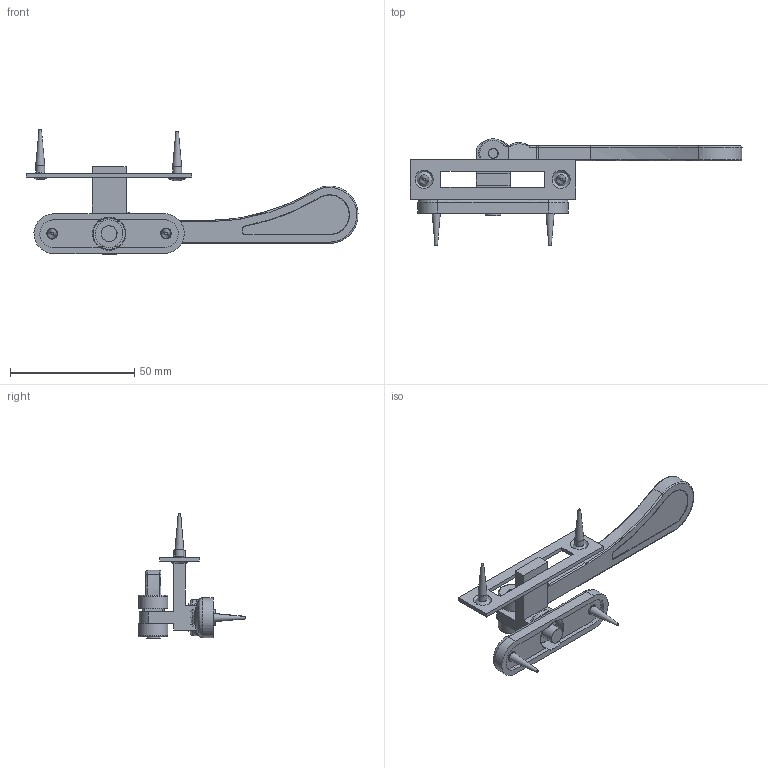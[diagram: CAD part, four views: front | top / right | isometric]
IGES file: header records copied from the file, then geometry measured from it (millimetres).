
Global section: file name: P4513S-MP; native system: Autodesk Inventor 2018; preprocessor: unknown; author: ashami; date: 20180911.122321; units: millimetre
Bounding box: 133.6 x 42.74 x 50 mm (x, y, z)
Volume: 18940 mm3; surface area: 13382.8 mm2
Topology: 11 solids, 11 shells, 218 faces, 541 edges, 348 vertices
Faces by surface type: bspline 218
┄┄┄┄┄┄┄┄┄┄┄┄┄┄┄┄┄┄┄┄
> _DESCRIPTION OF THE TASK_:
Except for pictures, copy the records above exactly.

> _RESULT OF THIS TASK_:
[diagram: CAD part, four views: front | top / right | isometric]
IGES file: header records copied from the file, then geometry measured from it (millimetres).
Global section: file name: P4513S-MP; native system: Autodesk Inventor 2018; preprocessor: unknown; author: ashami; date: 20180911.122321; units: millimetre
Bounding box: 133.6 x 42.74 x 50 mm (x, y, z)
Volume: 18940 mm3; surface area: 13382.8 mm2
Topology: 11 solids, 11 shells, 218 faces, 541 edges, 348 vertices
Faces by surface type: bspline 218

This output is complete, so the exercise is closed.